*Required work*. Go to the line in the entries below that holds "land cover: Broadleaved woodland" and repeat exactly from there through the line that holds "longitude: 10.6149", inclusive.

[Stored items from a collection]
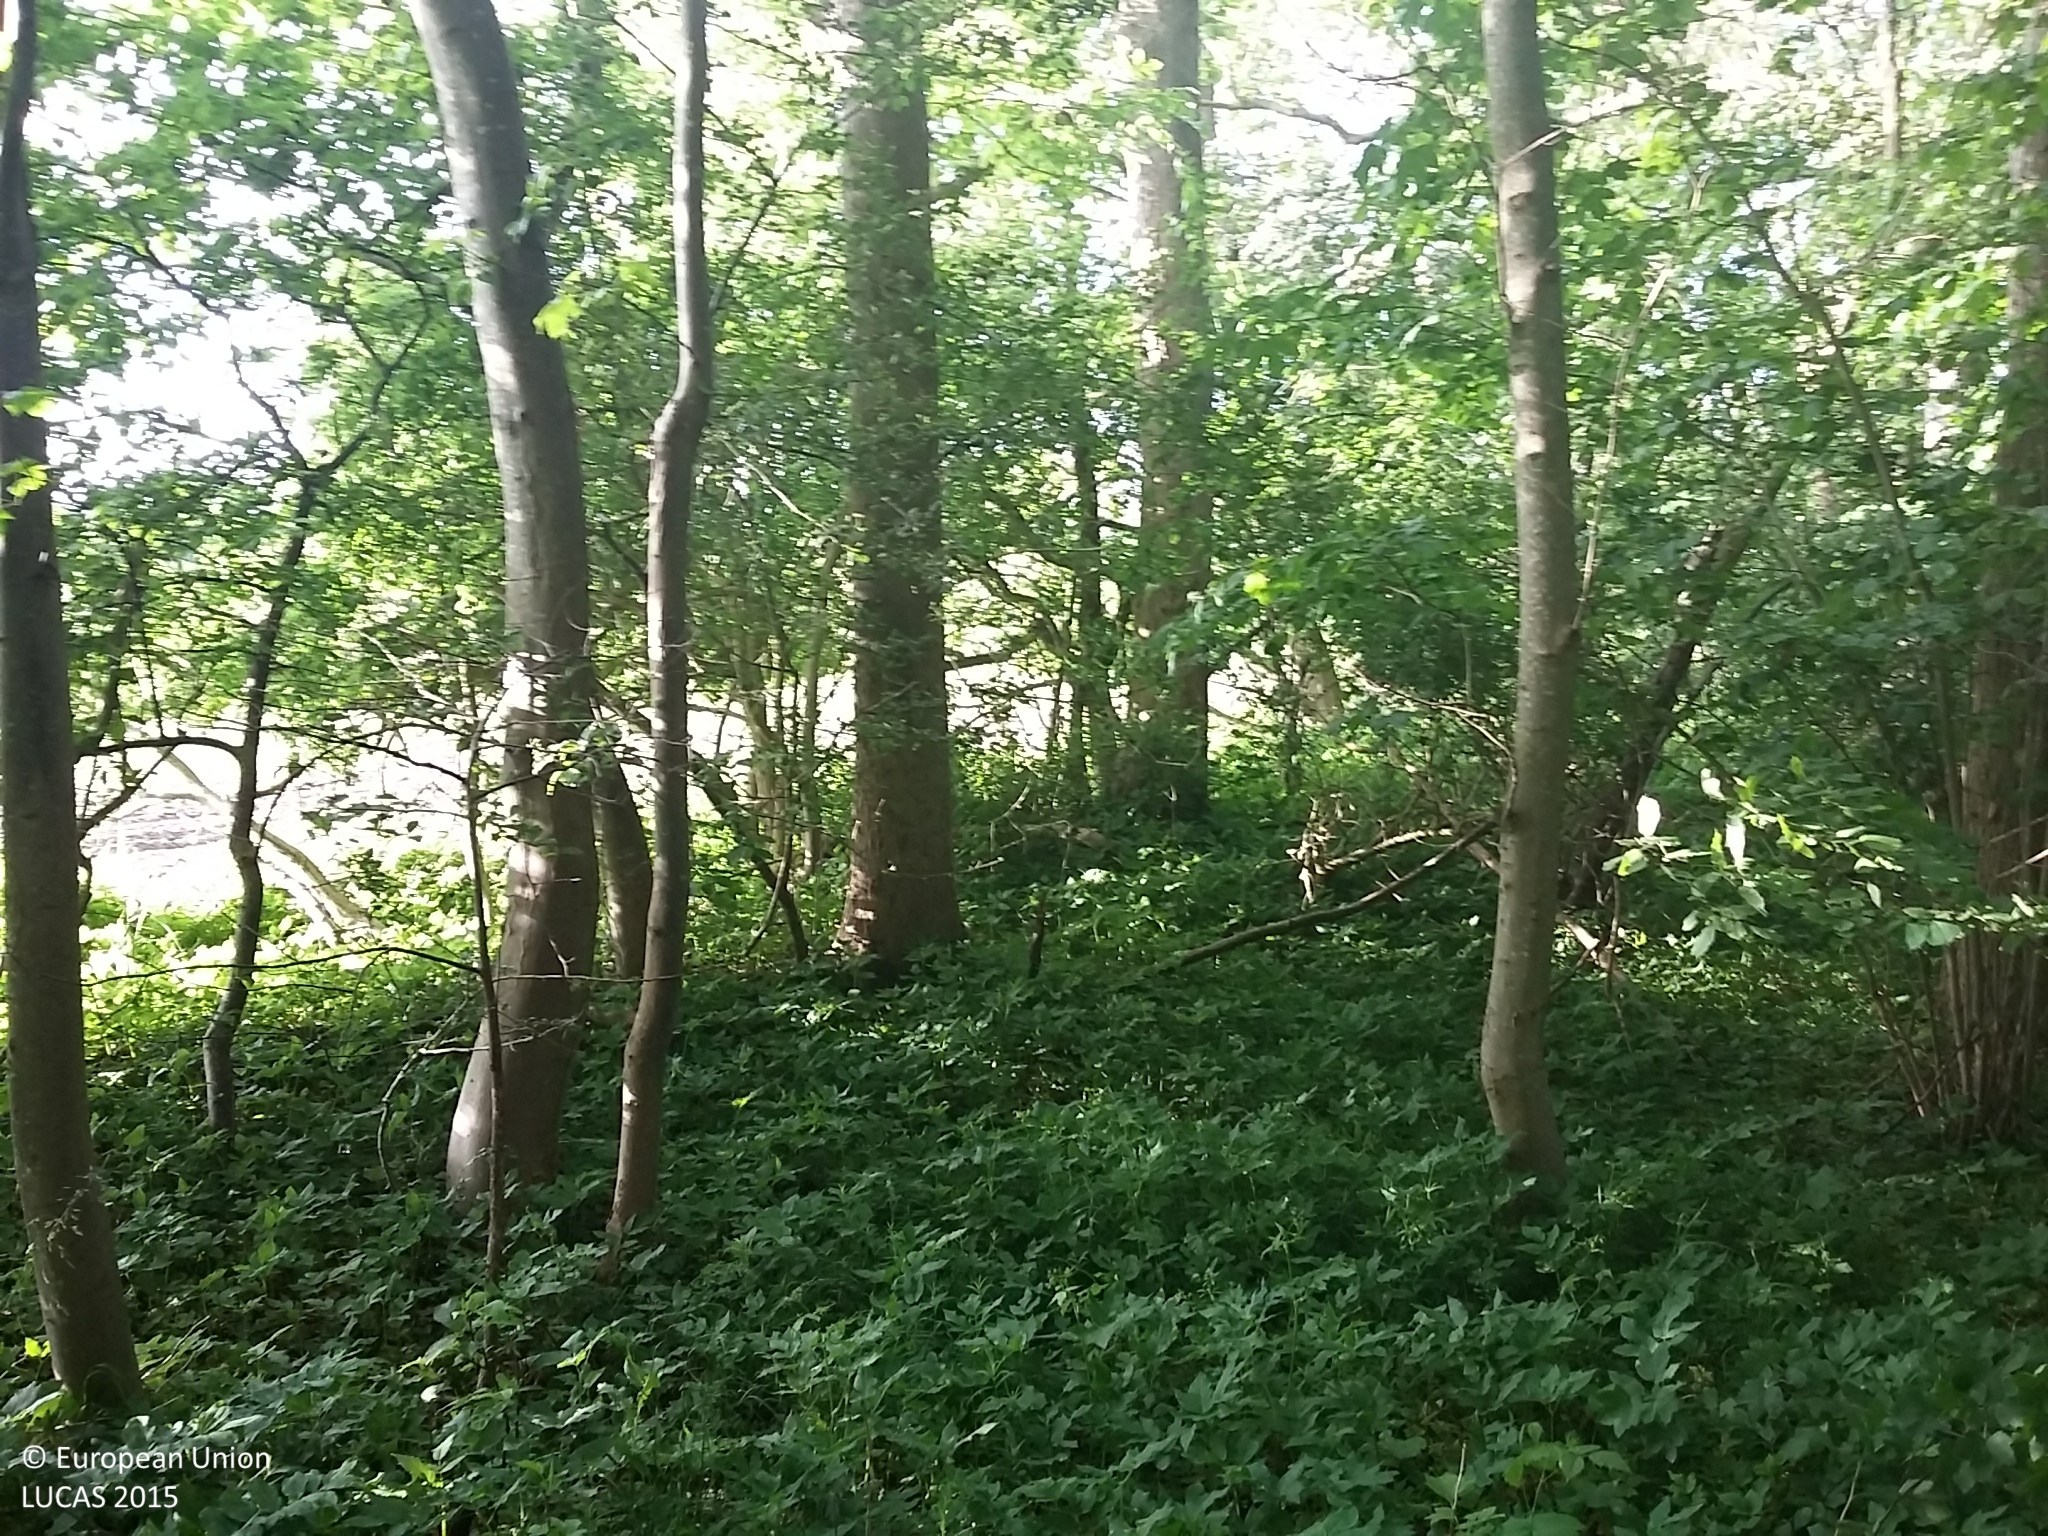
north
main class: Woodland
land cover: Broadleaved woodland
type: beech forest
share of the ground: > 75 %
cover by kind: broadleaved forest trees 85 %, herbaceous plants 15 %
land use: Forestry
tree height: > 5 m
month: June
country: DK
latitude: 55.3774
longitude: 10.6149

* * *

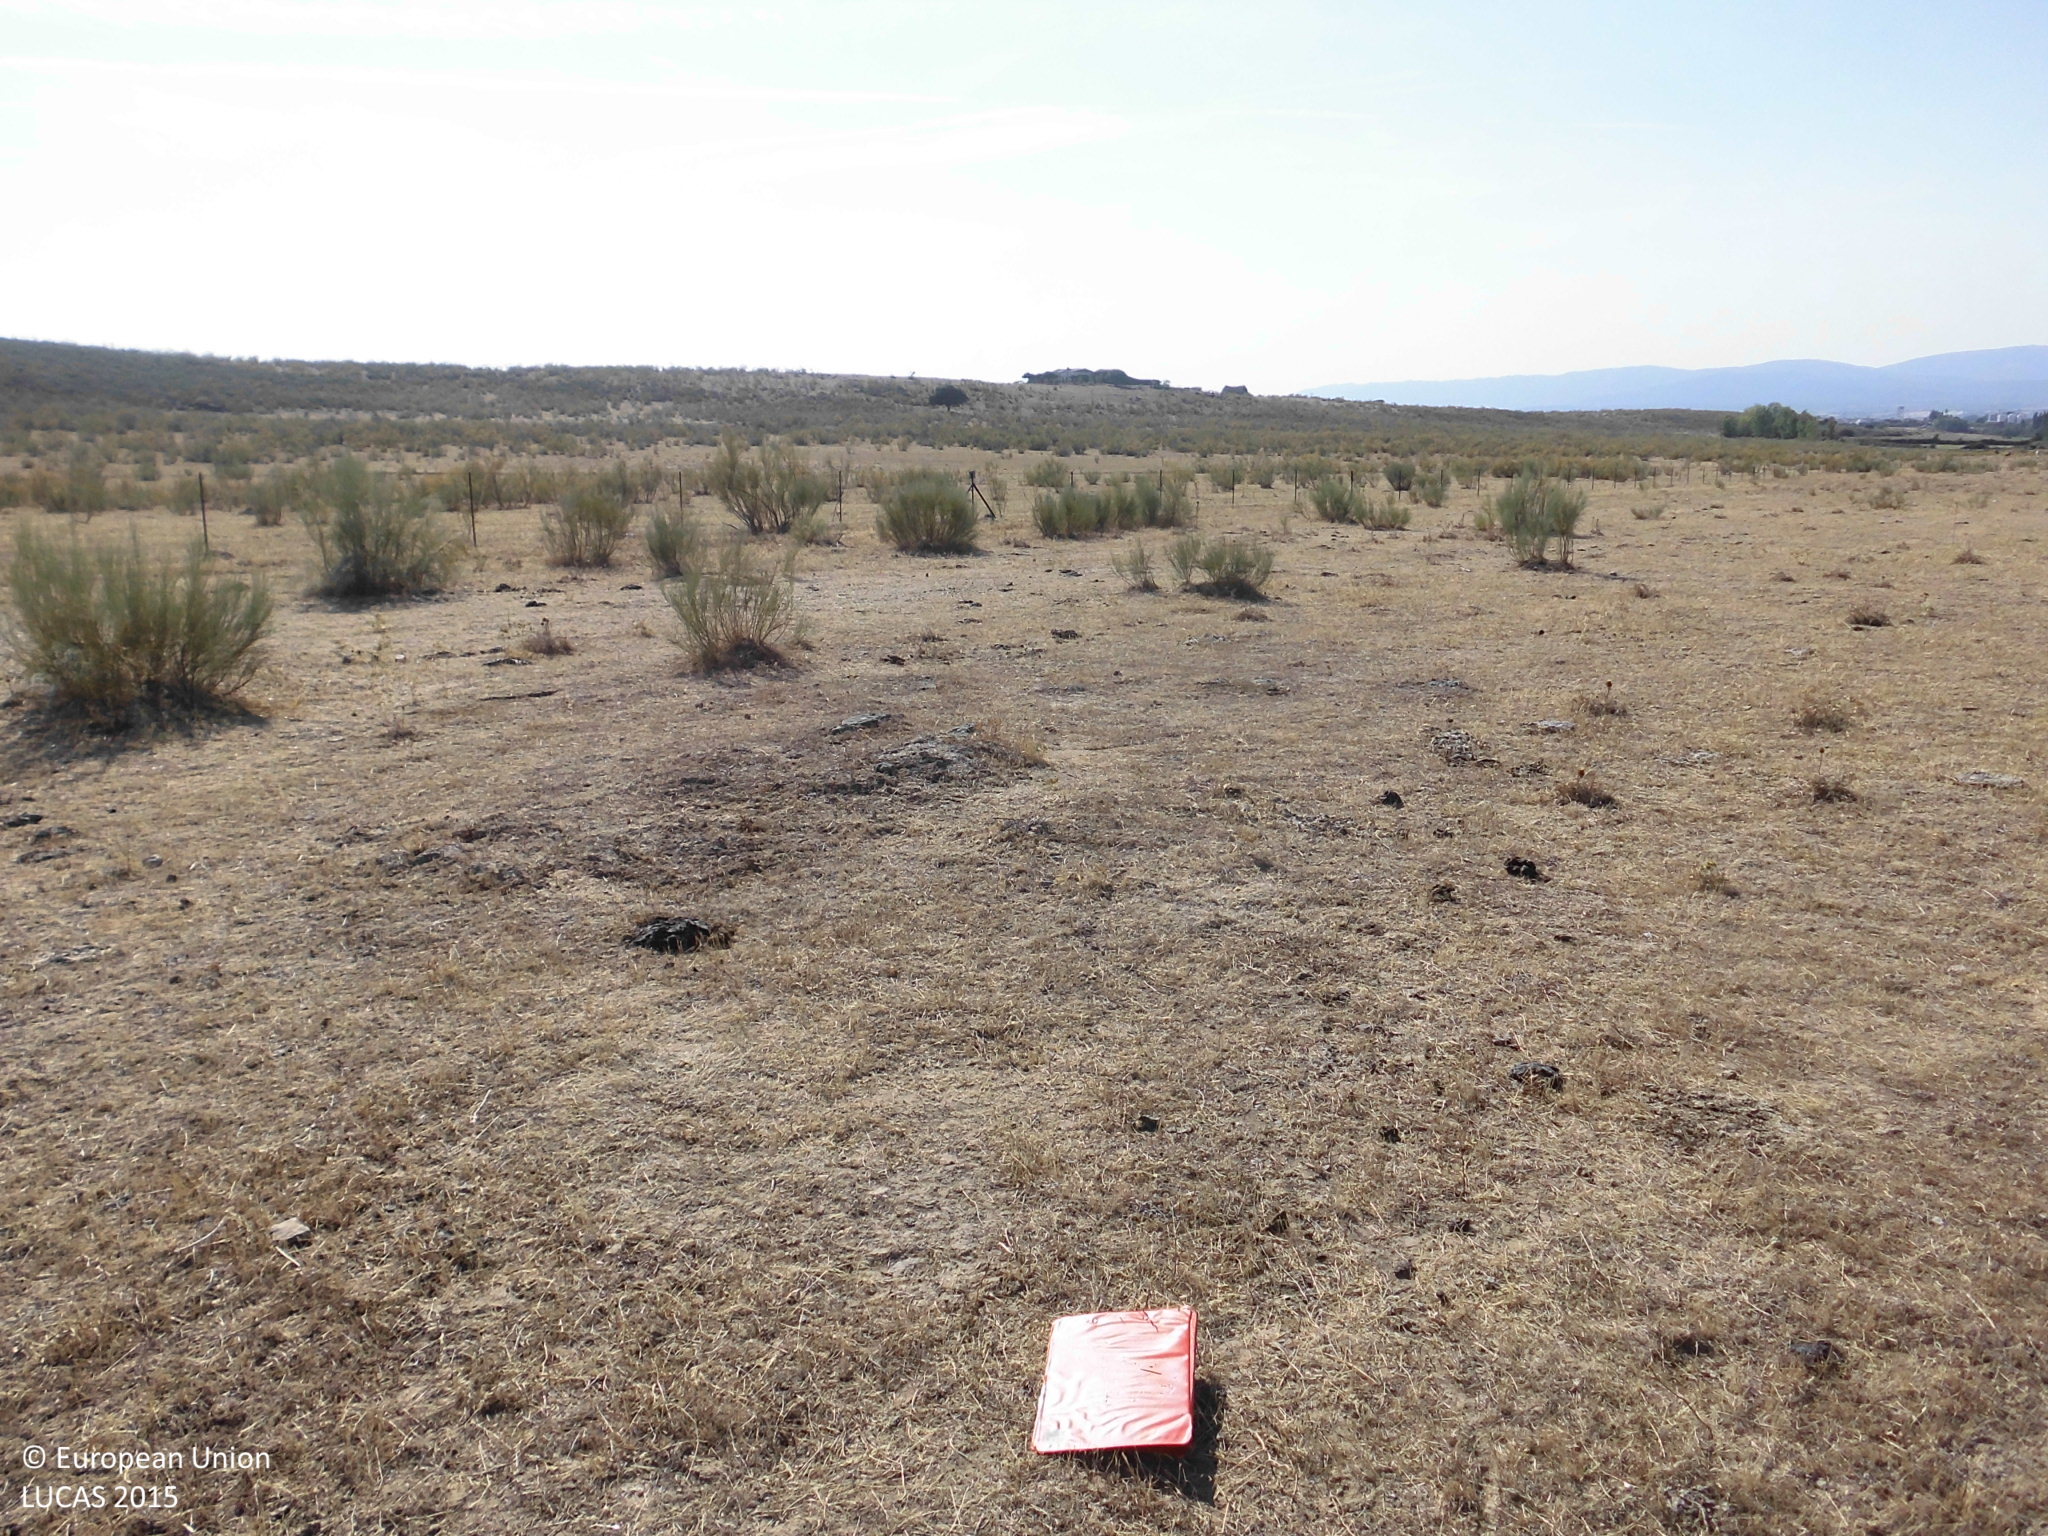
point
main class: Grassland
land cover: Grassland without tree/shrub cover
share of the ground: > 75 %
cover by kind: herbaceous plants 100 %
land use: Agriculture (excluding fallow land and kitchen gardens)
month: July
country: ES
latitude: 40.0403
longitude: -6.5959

==

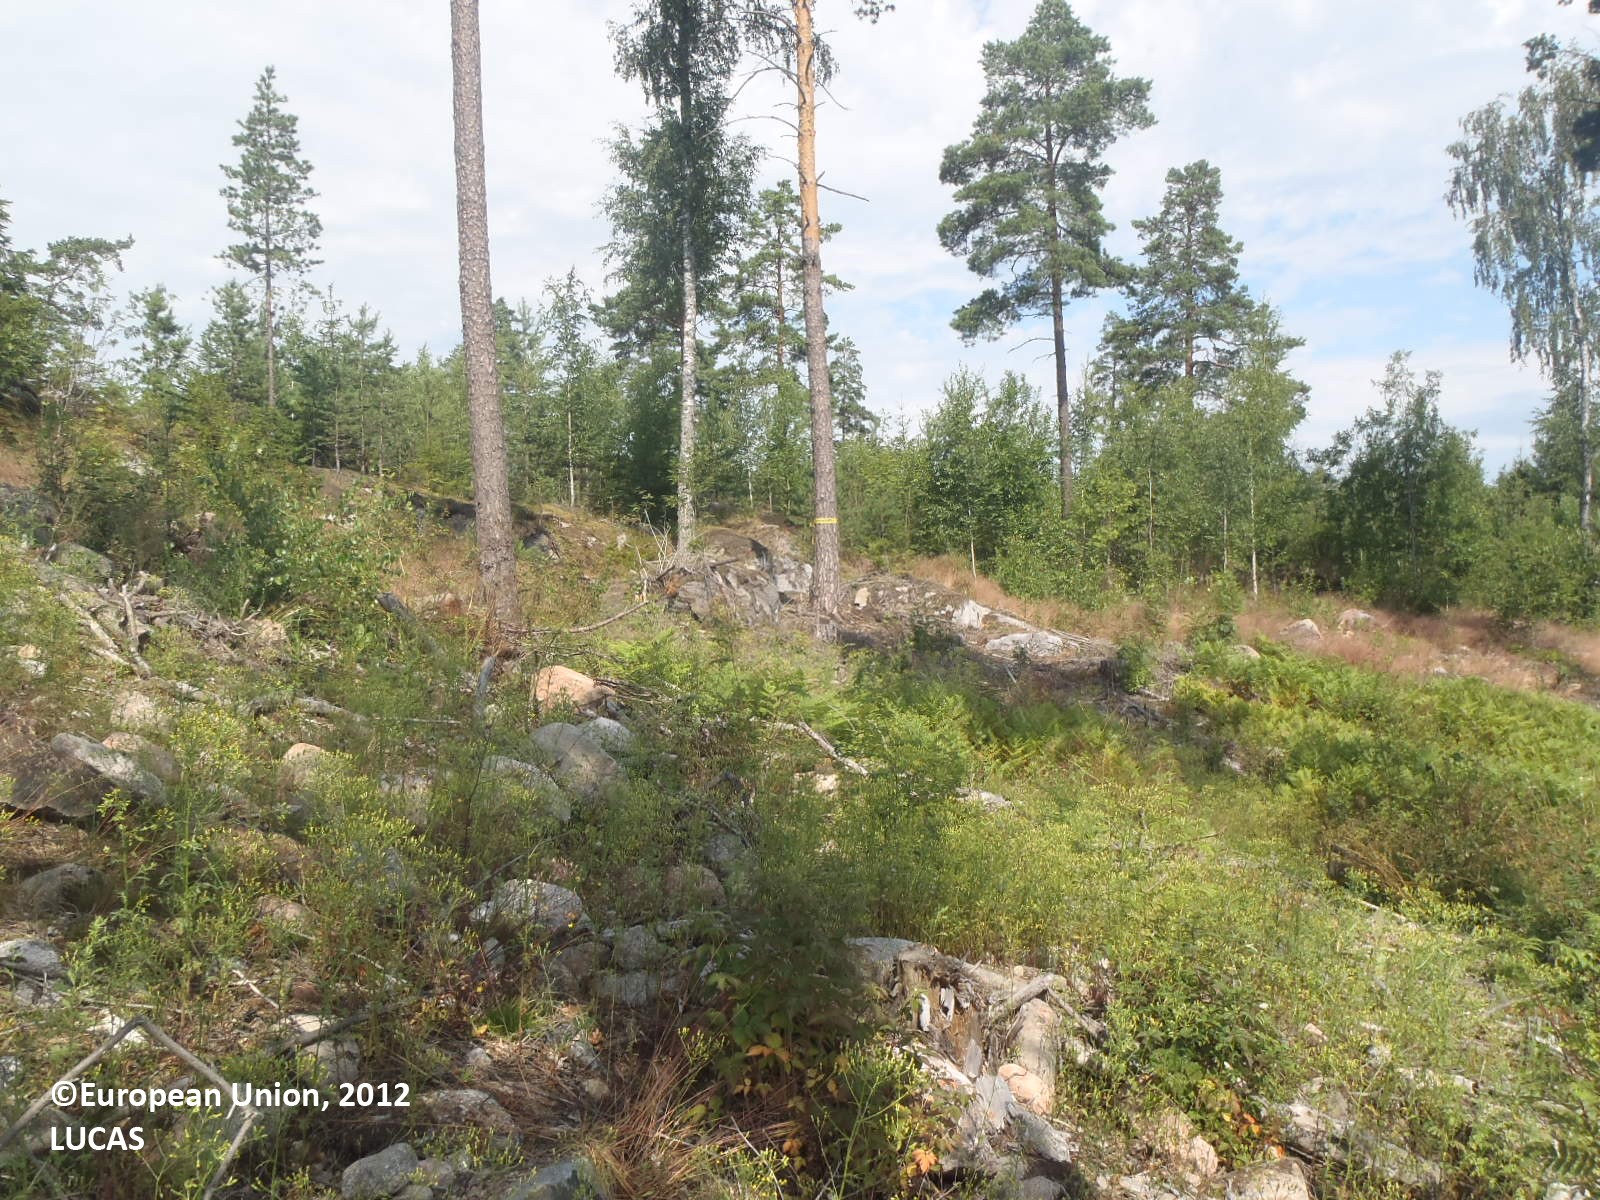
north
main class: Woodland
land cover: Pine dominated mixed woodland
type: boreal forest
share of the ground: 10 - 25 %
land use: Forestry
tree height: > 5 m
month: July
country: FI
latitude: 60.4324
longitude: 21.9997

*Exercise answer*.
land cover: Broadleaved woodland
type: beech forest
share of the ground: > 75 %
cover by kind: broadleaved forest trees 85 %, herbaceous plants 15 %
land use: Forestry
tree height: > 5 m
month: June
country: DK
latitude: 55.3774
longitude: 10.6149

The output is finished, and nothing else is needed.